黛浓说,“君卿那是中意于你,才愿意分自己一半生魂灵魄给你,你可不要辜负人家。”
听蕊伏在床上笑得直不起腰。
崇川站在一旁嗔怪着皱眉头,“说什么呢?什么中意不中意的?孩子们都还这么小,知道什么中意不中意?”
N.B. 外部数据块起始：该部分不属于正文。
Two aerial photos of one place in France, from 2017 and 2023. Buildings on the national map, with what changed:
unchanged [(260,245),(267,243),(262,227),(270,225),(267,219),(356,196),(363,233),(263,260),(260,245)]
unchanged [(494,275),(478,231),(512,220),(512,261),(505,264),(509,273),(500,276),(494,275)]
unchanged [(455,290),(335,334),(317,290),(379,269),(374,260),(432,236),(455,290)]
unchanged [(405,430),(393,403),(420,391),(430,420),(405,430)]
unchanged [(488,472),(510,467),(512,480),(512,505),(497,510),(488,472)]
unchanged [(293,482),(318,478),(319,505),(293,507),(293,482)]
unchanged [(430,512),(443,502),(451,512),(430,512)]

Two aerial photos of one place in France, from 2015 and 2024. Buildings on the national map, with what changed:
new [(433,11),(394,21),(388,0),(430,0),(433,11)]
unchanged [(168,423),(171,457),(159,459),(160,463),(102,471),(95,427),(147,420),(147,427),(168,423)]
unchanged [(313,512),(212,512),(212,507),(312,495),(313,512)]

黛浓回了回去,“怎么就不知道了呀,都分了一半生魂灵魄了,这就是情深意重,”黛浓左右两手指一合一对,“比冀良人。”
崇川和黛浓为此争论了一番。
黛浓一直说君卿中意于听蕊,崇川一直说不是。
听蕊听的头疼,就在一旁喊,“君父君母我头疼,我想休息,要不你们出去吧?”
第二日,黛浓又在听蕊面前提这事。
“人家君卿呀……”
“君母,你别说了。”听蕊很不耐烦。
君母这样做,有意思么?编这种谎话来骗她?他同自己一般年岁吧?他分出去一半生魂灵魄,他不要命啦?
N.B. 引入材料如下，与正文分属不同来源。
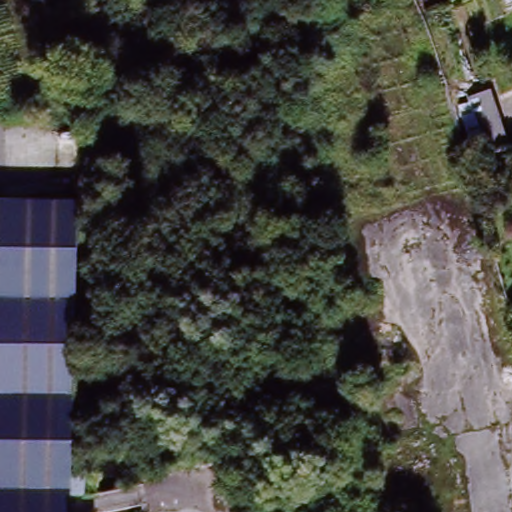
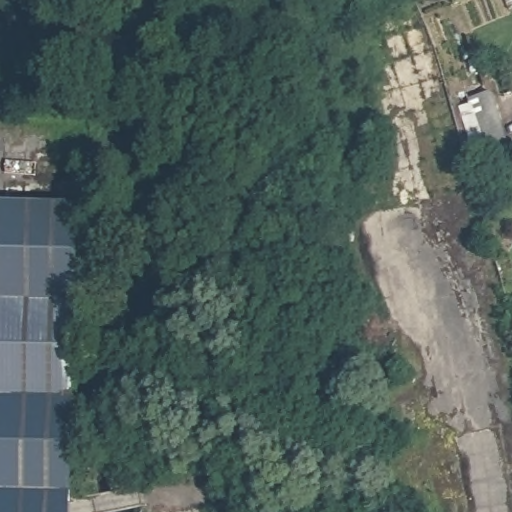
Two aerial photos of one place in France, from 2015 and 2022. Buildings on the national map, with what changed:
unchanged [(488,156),(480,117),(479,114),(475,100),(495,94),(498,111),(510,150),(488,156)]
unchanged [(20,186),(84,189),(72,512),(0,512),(0,203),(18,204),(20,186)]

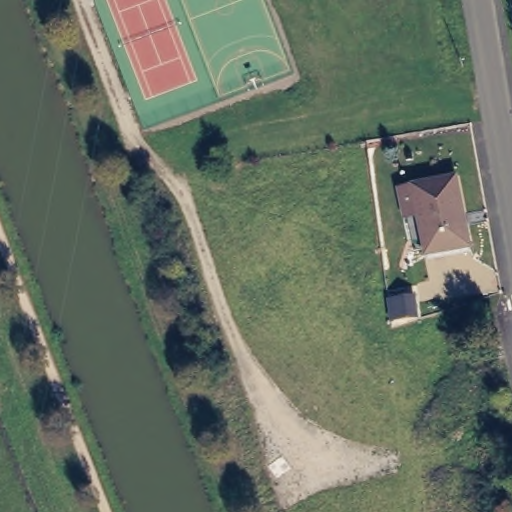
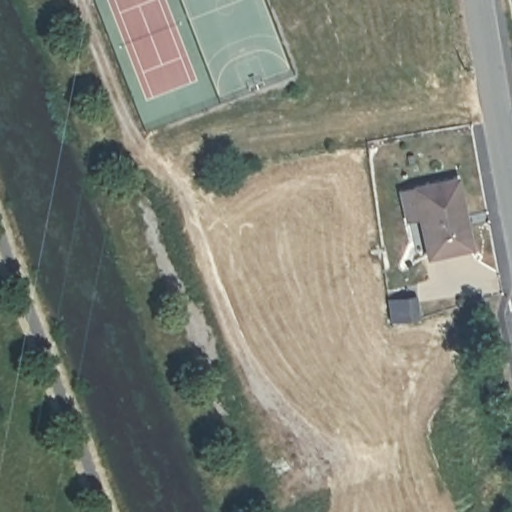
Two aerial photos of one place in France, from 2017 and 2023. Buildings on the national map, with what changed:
unchanged [(475,249),(431,258),(424,219),(408,221),(404,192),(422,189),(461,181),(475,249)]

君父君母最宠着自己,定是君父君母救的自己,干嘛把这样的事也算到不相干的人头上?以为这样说,自己对那人就能存几分好感了?不可能!
第三日,黛浓又提这事。
“人家君卿呀……”
听蕊听得脑袋嗡嗡嗡响,终于妥协,“是,君母,我知道了,以后可以不要再提了么?”
黛浓说,“你得知恩图报啊。”
听蕊藐视般笑了笑。
黛浓又道,“人家那孩子……”
听蕊忽然生出一计,便问到,“君什么来着?”
“君卿。”
“那个卿?”
黛浓想了会儿,眼下着实忆不起别的词,便道,“卿卿我我的卿。”
听蕊嘴边弯了不怀好意的一笑。
“君卿君卿,有什么了不起。”听蕊嘀嘀咕咕在园子里扎着一个小布人。扎完后又在布条上歪歪扭扭写了君卿两个字,又缝到小布人的额头上。
“让他们整天在我面前念叨你,阴魂不散的,我不开心了,你可也别想开心。”听蕊捏着小布人的身子使劲弹他的脑仁,“不让你难受上几个月,我就不叫听蕊!”
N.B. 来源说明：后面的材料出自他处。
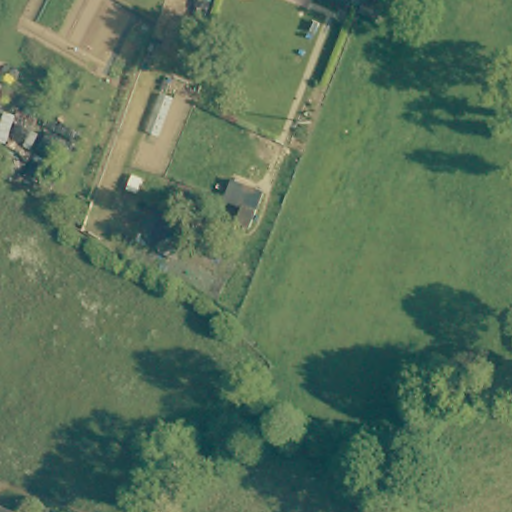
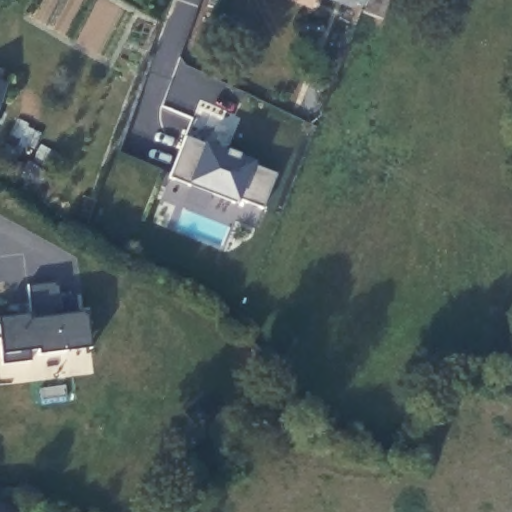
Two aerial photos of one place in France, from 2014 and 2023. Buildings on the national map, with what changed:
unchanged [(345,0),(351,0),(350,2),(345,0)]
unchanged [(9,85),(0,110),(0,83),(9,85)]
new [(190,140),(204,146),(205,143),(254,162),(252,166),(276,174),(261,212),(239,204),(186,183),(173,178),(190,140)]
new [(30,315),(30,320),(48,318),(42,307),(32,308),(29,287),(57,284),(59,298),(73,297),(78,314),(84,314),(89,349),(39,354),(39,350),(30,351),(32,361),(3,364),(2,355),(0,342),(0,319),(30,315)]
unchanged [(21,512),(0,512),(0,505),(21,512)]

她把小布人立在桌上,就开始对着小布人念着决。她可翻了好久的古书才翻到这个决的,说来算是歪门邪道,不算正经玩意儿,都快失传了,也不晓得灵不灵。
听蕊念完好一会儿,都紧紧盯着那写了君卿两个字的小布人看,也不知道那边什么时候会发作。
君卿确实在家里“阿丘阿丘”打了两个喷嚏,烟琴还问他,“着凉了?” 君卿说,“没有,没事。”烟琴便放着心不再去管君卿。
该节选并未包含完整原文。